[[ DATA FOR ANALYSIS, beginning ]]

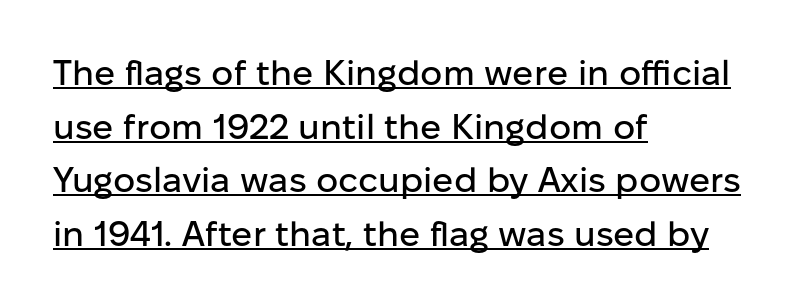
The image shows 35 px sans-serif type, upright; set left-aligned, normal line spacing (1.53x), normal letter spacing, underlined; low stroke contrast and a medium x-height.
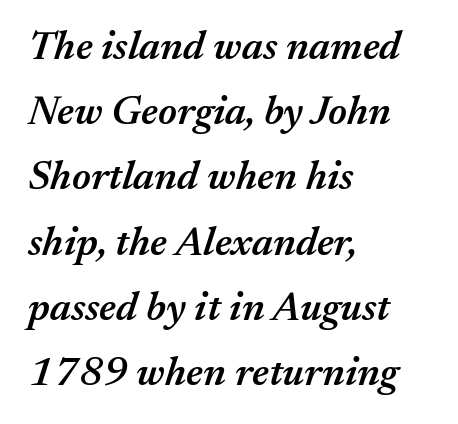
{"italic": "yes", "lean": "right", "slant_degrees": 17, "bold": "semi", "weight": "semibold", "width": "normal", "stroke_contrast": "medium", "x_height": "medium", "monospaced": "no", "underline": "no", "align": "left", "line_spacing": "normal", "line_spacing_ratio": 1.59, "letter_spacing": "normal", "letter_spacing_em": 0.0, "glyph_px": 41}
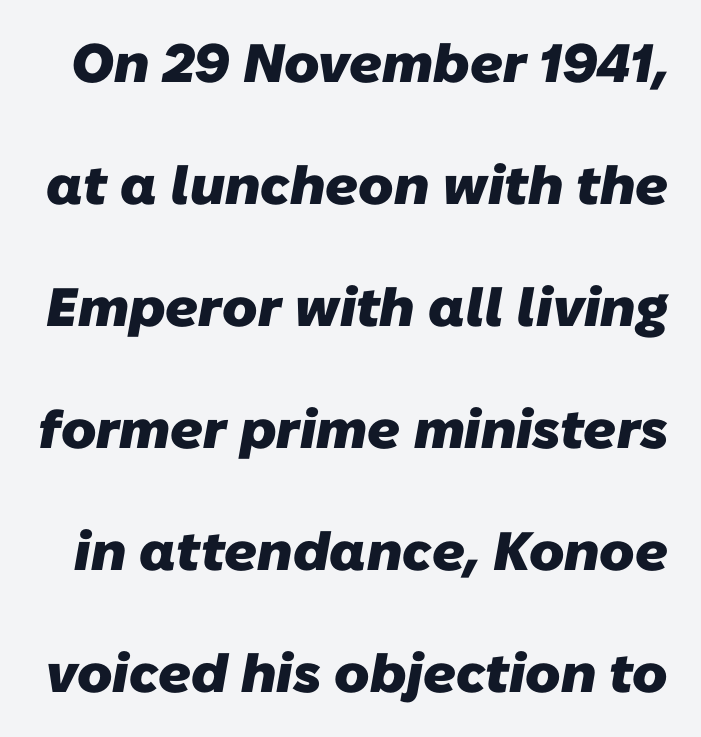
This rendering features lettering with no underline. Do the characters align in a grid? No, the font is proportional. The typesetting leans heavy: a genuine bold. Caption: standard tracking, unaltered. Look at the bottom of the vertical strokes: they stop flat, with no serifs. What's the leading like? Stretched, with rows far apart.
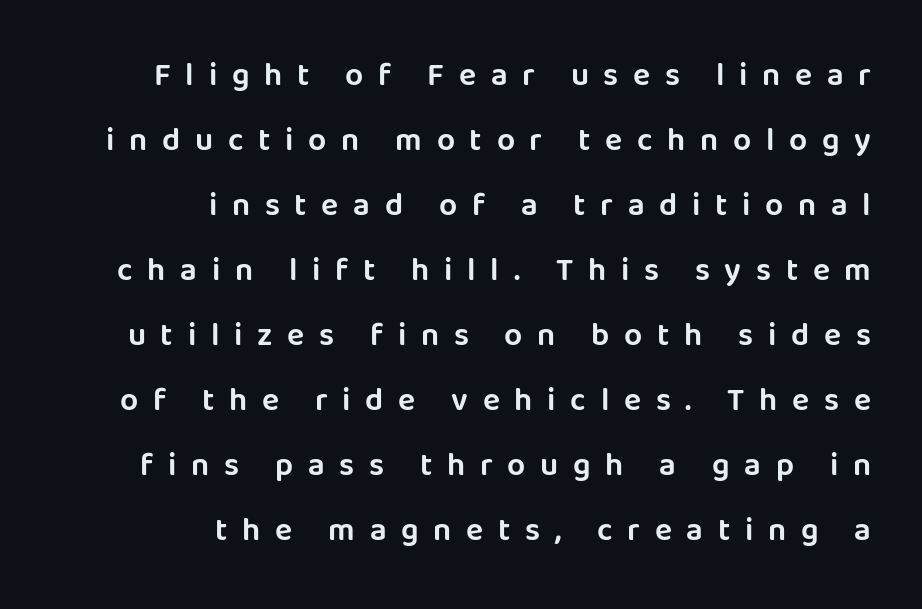
{"serif": "no", "italic": "no", "width": "normal", "stroke_contrast": "low", "x_height": "large", "monospaced": "no", "underline": "no", "align": "right", "line_spacing": "loose", "line_spacing_ratio": 2.03, "letter_spacing": "wide", "letter_spacing_em": 0.46, "glyph_px": 32}
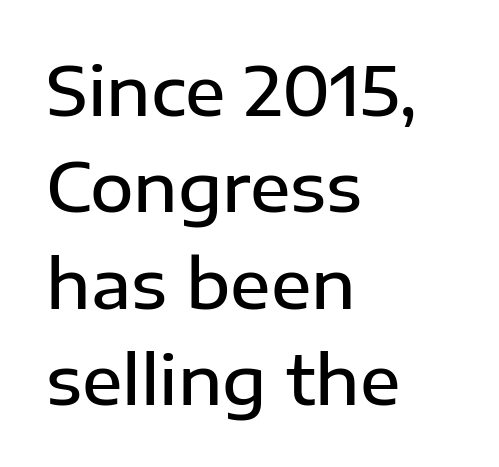
The image shows 67 px semibold sans-serif type, upright; set left-aligned, normal line spacing (1.44x), normal letter spacing, not underlined; low stroke contrast and a medium x-height.
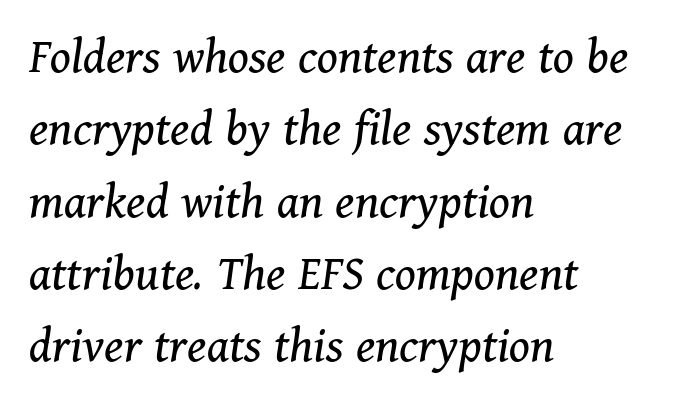
Slanted lettering throughout. Tracking here is standard; glyphs follow each other at the usual distance. The rendering uses natural spacing where letterforms have individual widths. The gap between lines stays unmarked. What's the leading like? Ordinary, nothing unusual.
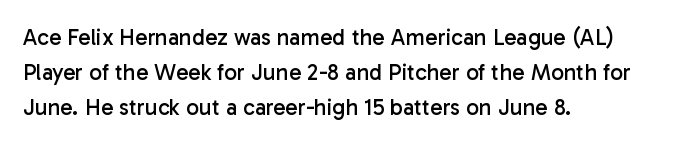
The image shows 23 px text type, upright; set left-aligned, normal line spacing (1.53x), normal letter spacing, not underlined.
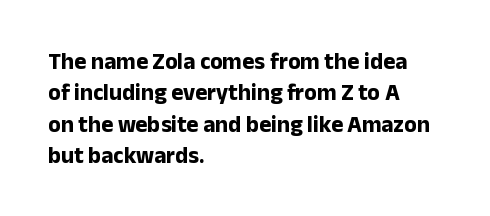
Q: Is the text bold? A: Yes.
Q: Is the text italic (slanted)? A: No, it is upright.
Q: Is the text underlined? A: No.
Q: How is the paragraph aligned? A: Left-aligned.
Q: Is the spacing between letters normal or unusually wide? A: Normal.
Q: Is the spacing between lines tight, normal or loose? A: Normal.
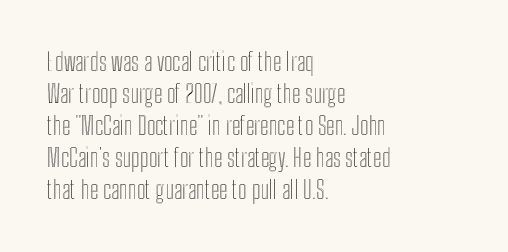
{"italic": "no", "underline": "no", "align": "left", "line_spacing": "normal", "line_spacing_ratio": 1.33, "letter_spacing": "normal", "letter_spacing_em": 0.0, "glyph_px": 24}
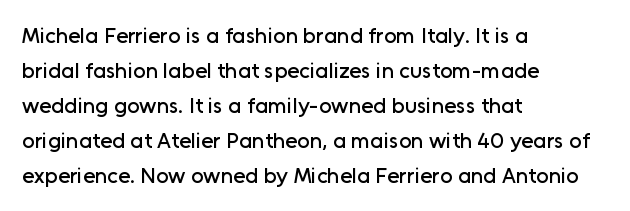
The vertical gap from one line to the next is medium. In terms of posture, this sample is upright. The ragged edge is on the right, which tells us the setting is flush left. Look at the tracking — it's just the regular setting, nothing added. Only glyphs here, with clear space below each row.
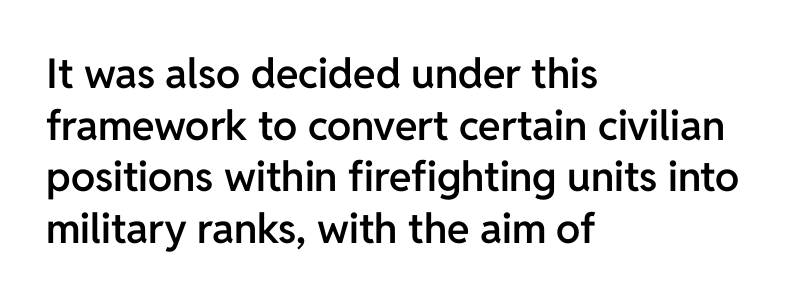
The image shows 41 px semibold sans-serif type, upright; set left-aligned, normal line spacing (1.26x), normal letter spacing, not underlined; low stroke contrast and a medium x-height.
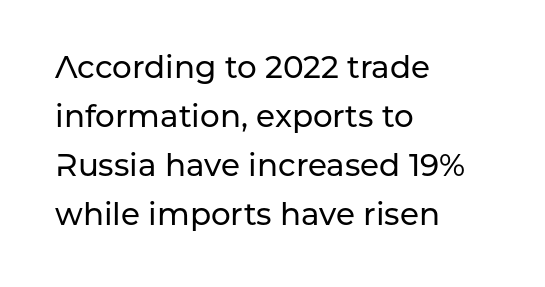
In CSS terms this would be text-align: left. The block of text has a typical density, with ordinary space between rows. No feet cap the strokes, marking this as sans-serif type. Varying glyph widths throughout — classic text-font behaviour. Underlining? Definitely not there. The type is set solid horizontally, with unmodified tracking.
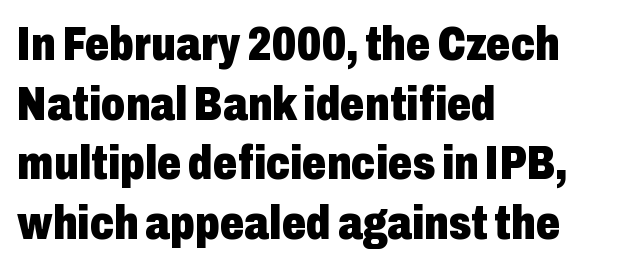
{"serif": "no", "italic": "no", "bold": "yes", "weight": "heavy", "width": "condensed", "stroke_contrast": "low", "x_height": "medium", "monospaced": "no", "underline": "no", "align": "left", "line_spacing_ratio": 1.24, "letter_spacing": "normal", "letter_spacing_em": 0.0, "glyph_px": 48}
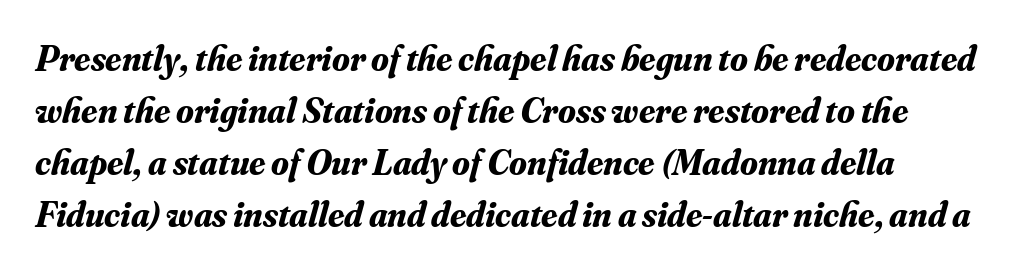
Q: Is the text bold? A: Yes.
Q: Is the text italic (slanted)? A: Yes, it leans right by about 16 degrees.
Q: Is the typeface a serif or a sans-serif typeface? A: Serif.
Q: Is the text underlined? A: No.
Q: How is the paragraph aligned? A: Left-aligned.
Q: Is the spacing between letters normal or unusually wide? A: Normal.
Q: Is the spacing between lines tight, normal or loose? A: Normal.
Q: Width (condensed, normal, or wide)? A: Normal.
Q: Stroke contrast? A: Medium.
Q: x-height? A: Small.
Q: Monospaced? A: No.
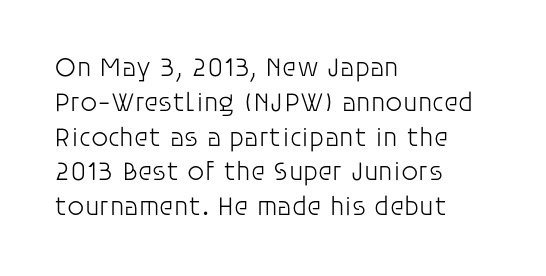
Q: Is the text bold? A: No.
Q: Is the text italic (slanted)? A: No, it is upright.
Q: Is the text underlined? A: No.
Q: How is the paragraph aligned? A: Left-aligned.
Q: Is the spacing between letters normal or unusually wide? A: Normal.
Q: Is the spacing between lines tight, normal or loose? A: Normal.
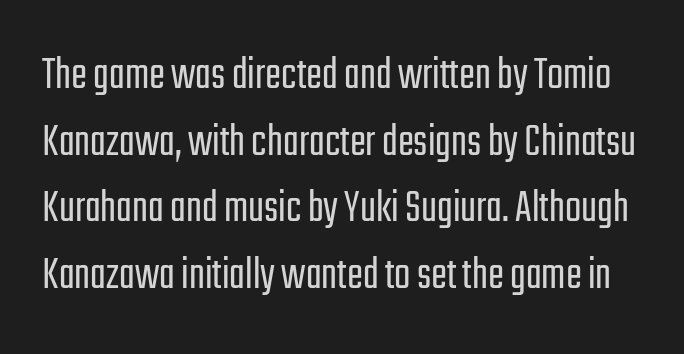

[[ DATA FOR ANALYSIS, end ]]

EXERCISE DIRECTIONS =
Among the entries above, some lines may hold the string "condensed". State how many, and give nothing but the number.

TASK SOLUTION =
2